### [Try it]
Give back the records below exactly, omitting the pictures.
== Extracted entries ==
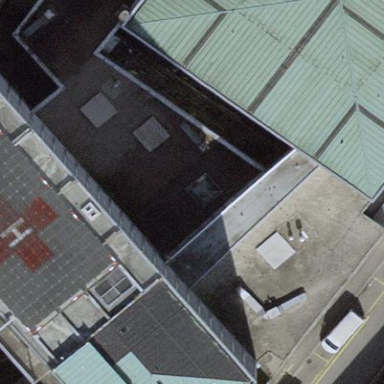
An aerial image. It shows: Hospital building.
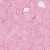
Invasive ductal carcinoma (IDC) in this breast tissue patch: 0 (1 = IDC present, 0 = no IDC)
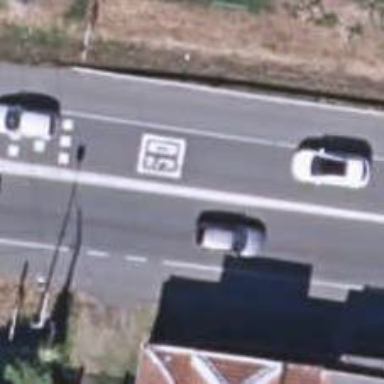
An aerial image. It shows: Asphalt road classified as trunk highway.
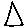
Label: triangle
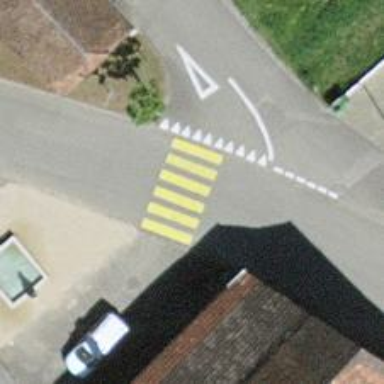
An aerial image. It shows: Uncontrolled zebra crossing on the road.
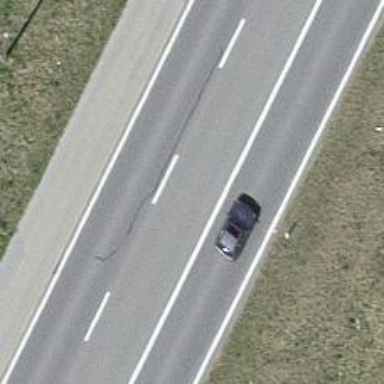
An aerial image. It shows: Asphalt road classified as primary highway.
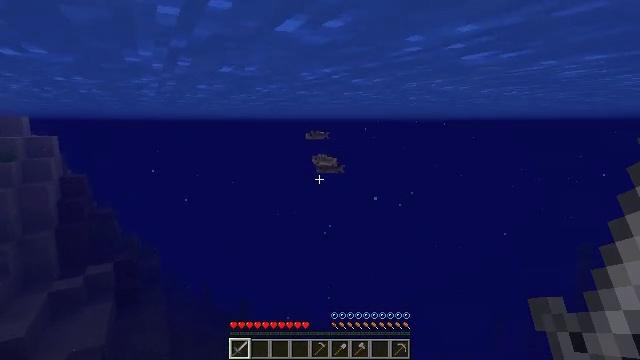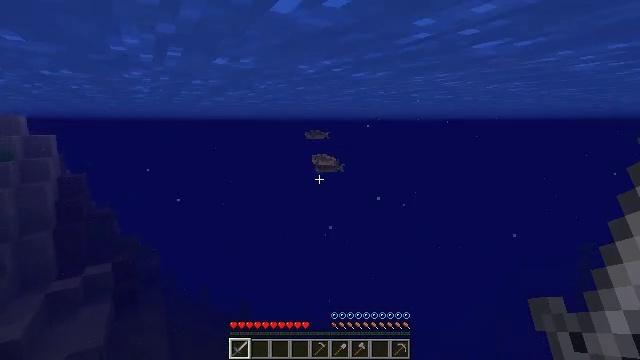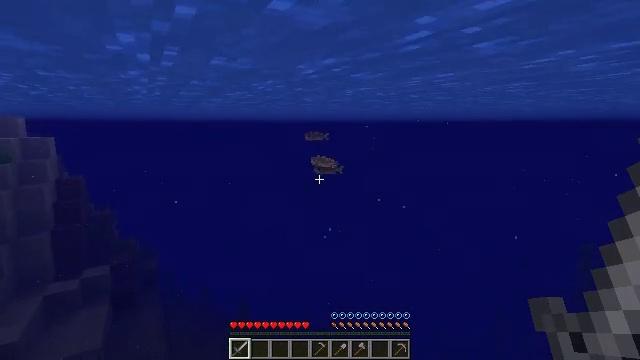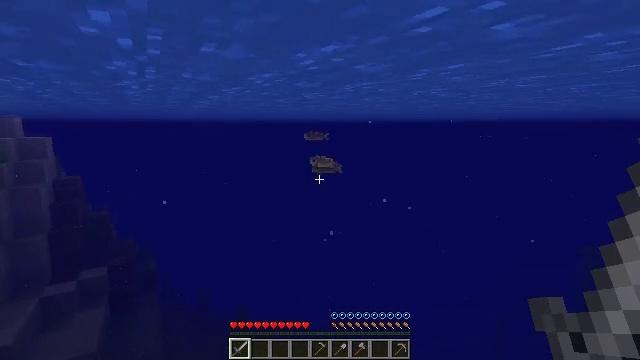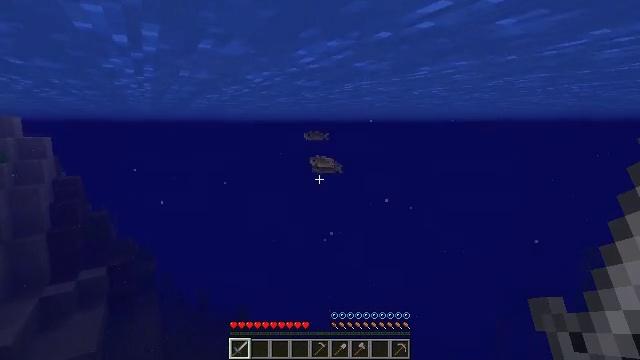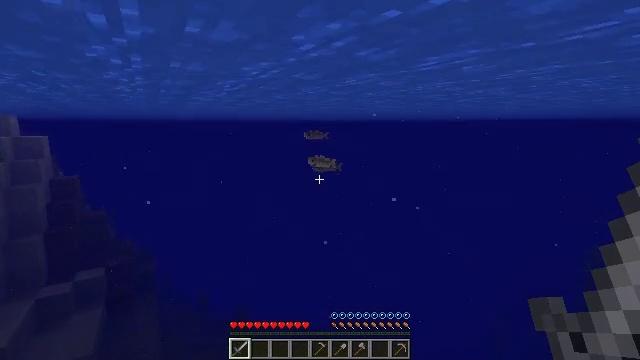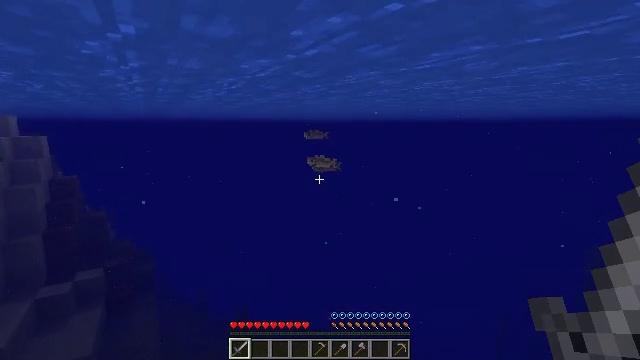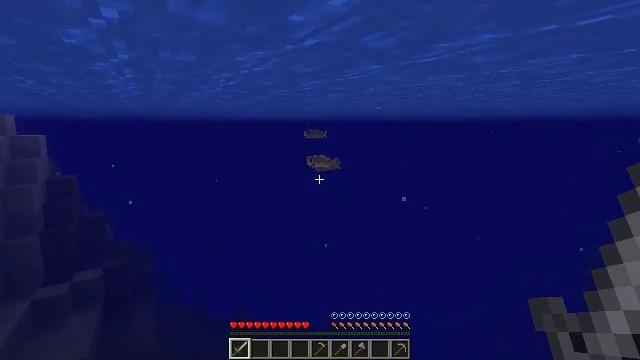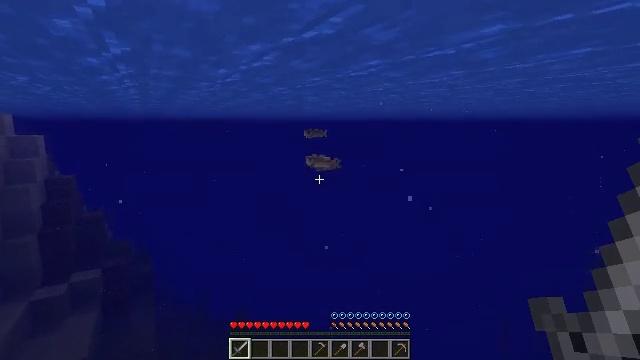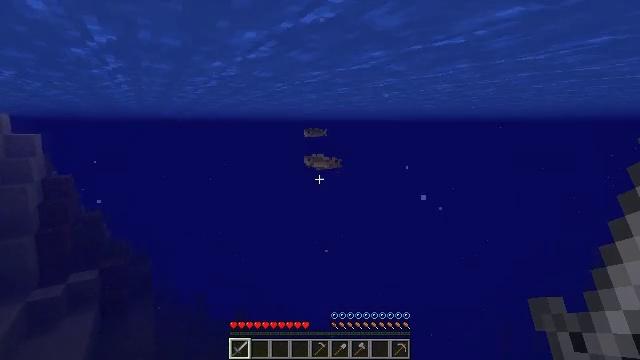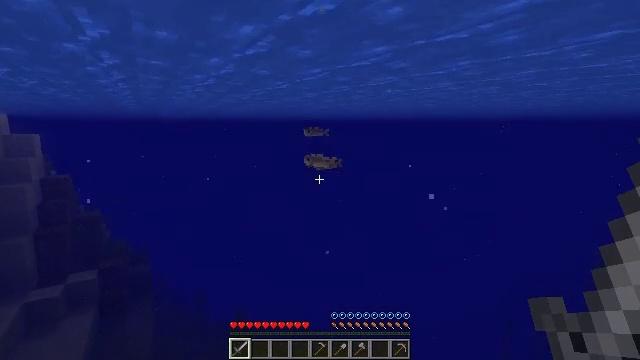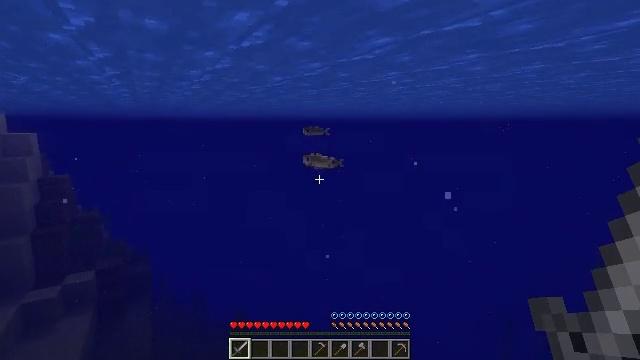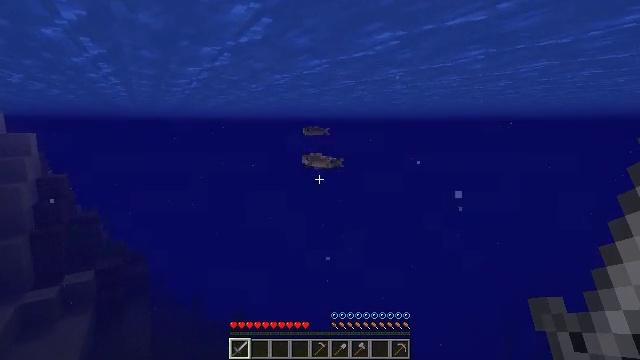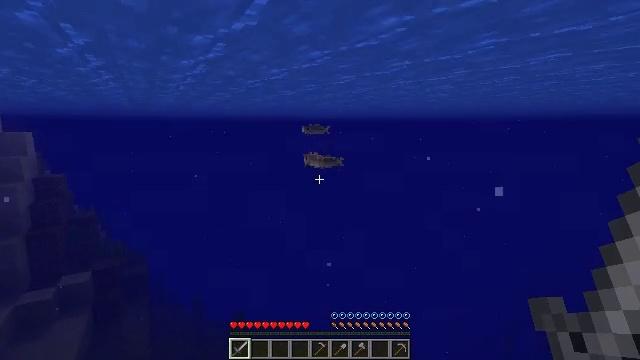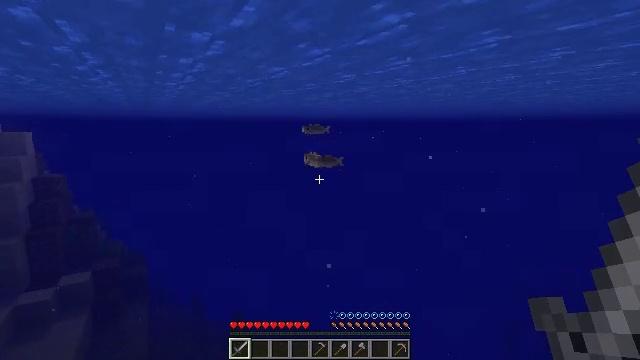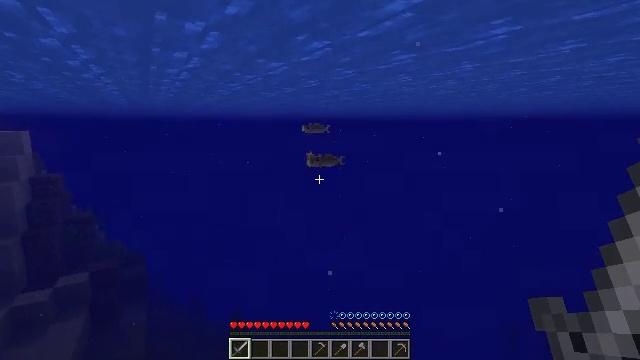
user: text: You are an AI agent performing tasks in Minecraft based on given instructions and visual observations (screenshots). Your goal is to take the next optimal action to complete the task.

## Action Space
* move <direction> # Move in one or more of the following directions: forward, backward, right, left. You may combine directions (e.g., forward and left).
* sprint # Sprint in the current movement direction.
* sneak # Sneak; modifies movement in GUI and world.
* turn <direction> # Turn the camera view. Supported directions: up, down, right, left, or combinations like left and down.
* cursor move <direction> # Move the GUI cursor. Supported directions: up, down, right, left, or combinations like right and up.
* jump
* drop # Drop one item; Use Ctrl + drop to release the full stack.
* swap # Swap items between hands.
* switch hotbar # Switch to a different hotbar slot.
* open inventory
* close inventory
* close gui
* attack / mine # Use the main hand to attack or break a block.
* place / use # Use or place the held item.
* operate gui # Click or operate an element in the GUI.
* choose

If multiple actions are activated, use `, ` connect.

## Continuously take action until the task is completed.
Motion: motion action
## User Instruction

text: Catch and defeat a cod.
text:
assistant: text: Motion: move forward
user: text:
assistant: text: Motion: move forward
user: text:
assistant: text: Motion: move forward
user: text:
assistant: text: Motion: move forward
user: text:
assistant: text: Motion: move forward
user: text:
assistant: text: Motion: move forward
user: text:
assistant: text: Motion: move forward
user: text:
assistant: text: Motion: move forward
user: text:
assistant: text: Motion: move forward
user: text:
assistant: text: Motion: move forward
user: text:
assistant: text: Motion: move forward
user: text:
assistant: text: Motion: move forward
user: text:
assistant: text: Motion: move forward
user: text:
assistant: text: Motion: move forward
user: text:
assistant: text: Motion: move forward
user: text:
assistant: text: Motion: move forward
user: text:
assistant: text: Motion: move forward
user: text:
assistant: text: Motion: move forward
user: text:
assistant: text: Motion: move forward
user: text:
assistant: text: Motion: move forward
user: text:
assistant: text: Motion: move forward
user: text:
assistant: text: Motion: move forward
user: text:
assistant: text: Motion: move forward
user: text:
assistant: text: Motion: move forward
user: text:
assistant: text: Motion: move forward
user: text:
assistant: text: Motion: move forward
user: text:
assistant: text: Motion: move forward
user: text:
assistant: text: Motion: move forward
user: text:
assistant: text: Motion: move forward
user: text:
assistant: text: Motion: move forward
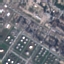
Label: Industrial
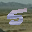
Label: 5
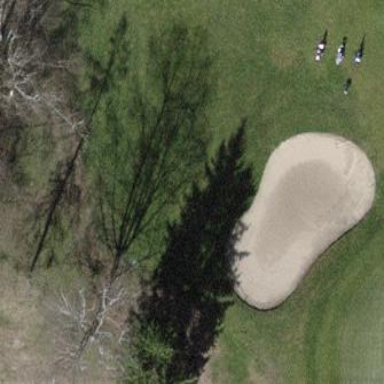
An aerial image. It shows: Sand bunker on golf course.
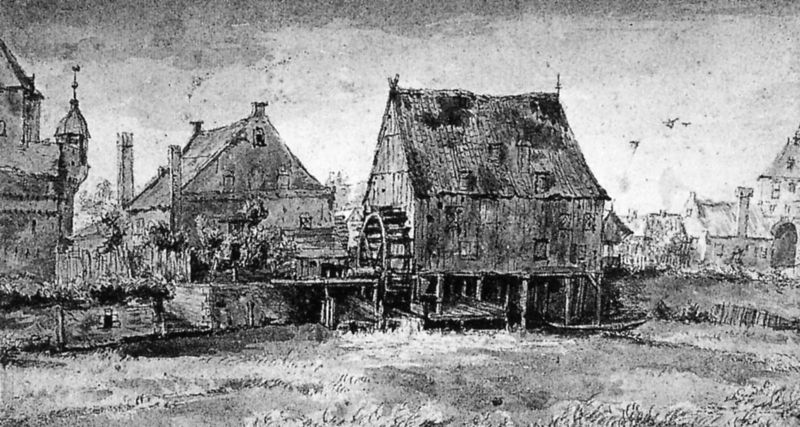
Titel: Wassermühle in der Nähe von Bergpoort in Deventer
Künstler: Meindert Hobbema
Institution: London,  British Museum
Schlagwörter: himmel, wasser, fluss, stadt, fenster, grau, holz, schwarz, tür, zeichnung, dach, gebäude, gras, haus, wiese, bach, häuser, mühle, pfähle, vögel, hütte, kirche, boot, kamin, schornstein, turm, dorf, mauer, graphik, hütten, rad, kuppel, steg, erker, schwarzweiß, stelzen, löcher, ländlich, siedlung, brau, bau, bauten, mühlrad, bauwerke, coloriert, wassermühle, bautren, schaufellrad, weissschwarzweiss
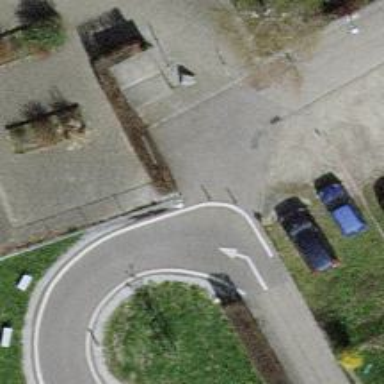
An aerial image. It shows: Bollard.
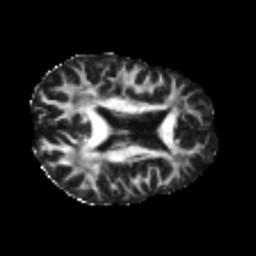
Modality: FA
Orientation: axial
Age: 38
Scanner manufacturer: philips
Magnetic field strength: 3 T
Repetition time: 8.6 s
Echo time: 0.127 s
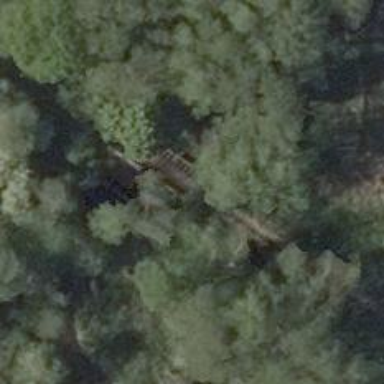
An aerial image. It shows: Disused railway bridge.
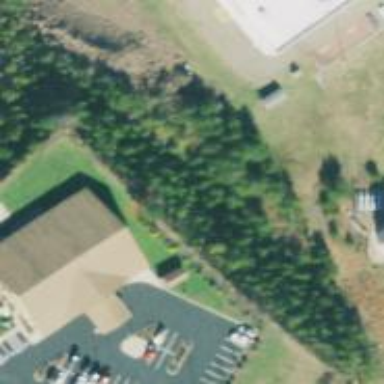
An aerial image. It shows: Clinic building offering healthcare services.
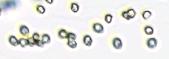
Label: Phaeocystis
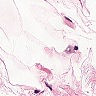
Metastatic tissue present: no
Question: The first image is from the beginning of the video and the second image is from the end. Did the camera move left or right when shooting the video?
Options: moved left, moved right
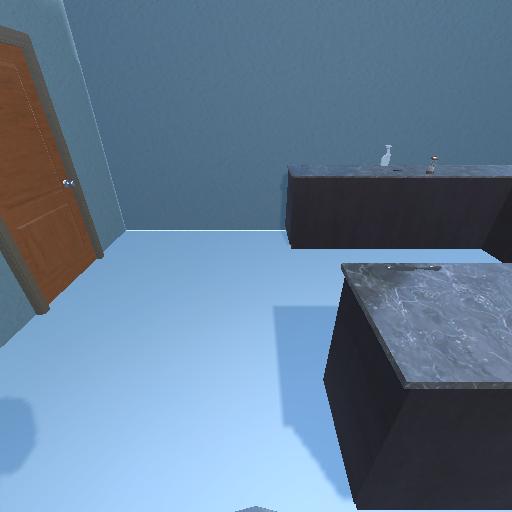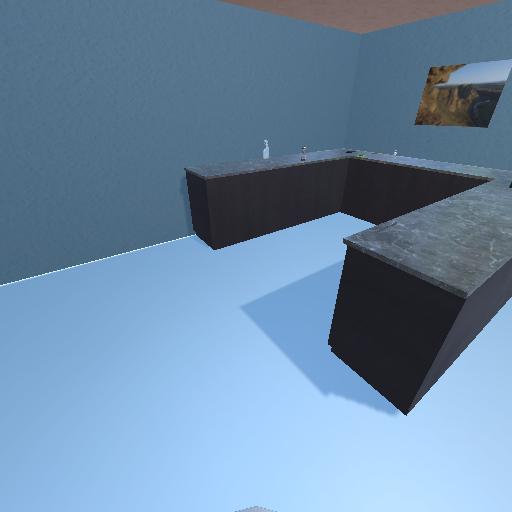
===
### [Your solution]
An aerial image. It shows: Hospital building.
Invasive ductal carcinoma (IDC) in this breast tissue patch: 0 (1 = IDC present, 0 = no IDC)
An aerial image. It shows: Asphalt road classified as trunk highway.
Label: triangle
An aerial image. It shows: Uncontrolled zebra crossing on the road.
An aerial image. It shows: Asphalt road classified as primary highway.
user: text: You are an AI agent performing tasks in Minecraft based on given instructions and visual observations (screenshots). Your goal is to take the next optimal action to complete the task.

## Action Space
* move <direction> # Move in one or more of the following directions: forward, backward, right, left. You may combine directions (e.g., forward and left).
* sprint # Sprint in the current movement direction.
* sneak # Sneak; modifies movement in GUI and world.
* turn <direction> # Turn the camera view. Supported directions: up, down, right, left, or combinations like left and down.
* cursor move <direction> # Move the GUI cursor. Supported directions: up, down, right, left, or combinations like right and up.
* jump
* drop # Drop one item; Use Ctrl + drop to release the full stack.
* swap # Swap items between hands.
* switch hotbar # Switch to a different hotbar slot.
* open inventory
* close inventory
* close gui
* attack / mine # Use the main hand to attack or break a block.
* place / use # Use or place the held item.
* operate gui # Click or operate an element in the GUI.
* choose

If multiple actions are activated, use `, ` connect.

## Continuously take action until the task is completed.
Motion: motion action
## User Instruction

text: Catch and defeat a cod.
text:
assistant: text: Motion: move forward
user: text:
assistant: text: Motion: move forward
user: text:
assistant: text: Motion: move forward
user: text:
assistant: text: Motion: move forward
user: text:
assistant: text: Motion: move forward
user: text:
assistant: text: Motion: move forward
user: text:
assistant: text: Motion: move forward
user: text:
assistant: text: Motion: move forward
user: text:
assistant: text: Motion: move forward
user: text:
assistant: text: Motion: move forward
user: text:
assistant: text: Motion: move forward
user: text:
assistant: text: Motion: move forward
user: text:
assistant: text: Motion: move forward
user: text:
assistant: text: Motion: move forward
user: text:
assistant: text: Motion: move forward
user: text:
assistant: text: Motion: move forward
user: text:
assistant: text: Motion: move forward
user: text:
assistant: text: Motion: move forward
user: text:
assistant: text: Motion: move forward
user: text:
assistant: text: Motion: move forward
user: text:
assistant: text: Motion: move forward
user: text:
assistant: text: Motion: move forward
user: text:
assistant: text: Motion: move forward
user: text:
assistant: text: Motion: move forward
user: text:
assistant: text: Motion: move forward
user: text:
assistant: text: Motion: move forward
user: text:
assistant: text: Motion: move forward
user: text:
assistant: text: Motion: move forward
user: text:
assistant: text: Motion: move forward
user: text:
assistant: text: Motion: move forward
Label: Industrial
Label: 5
An aerial image. It shows: Sand bunker on golf course.
Titel: Wassermühle in der Nähe von Bergpoort in Deventer
Künstler: Meindert Hobbema
Institution: London,  British Museum
Schlagwörter: himmel, wasser, fluss, stadt, fenster, grau, holz, schwarz, tür, zeichnung, dach, gebäude, gras, haus, wiese, bach, häuser, mühle, pfähle, vögel, hütte, kirche, boot, kamin, schornstein, turm, dorf, mauer, graphik, hütten, rad, kuppel, steg, erker, schwarzweiß, stelzen, löcher, ländlich, siedlung, brau, bau, bauten, mühlrad, bauwerke, coloriert, wassermühle, bautren, schaufellrad, weissschwarzweiss
An aerial image. It shows: Bollard.
Modality: FA
Orientation: axial
Age: 38
Scanner manufacturer: philips
Magnetic field strength: 3 T
Repetition time: 8.6 s
Echo time: 0.127 s
An aerial image. It shows: Disused railway bridge.
An aerial image. It shows: Clinic building offering healthcare services.
Label: Phaeocystis
Metastatic tissue present: no
Question: The first image is from the beginning of the video and the second image is from the end. Did the camera move left or right when shooting the video?
Options: moved left, moved right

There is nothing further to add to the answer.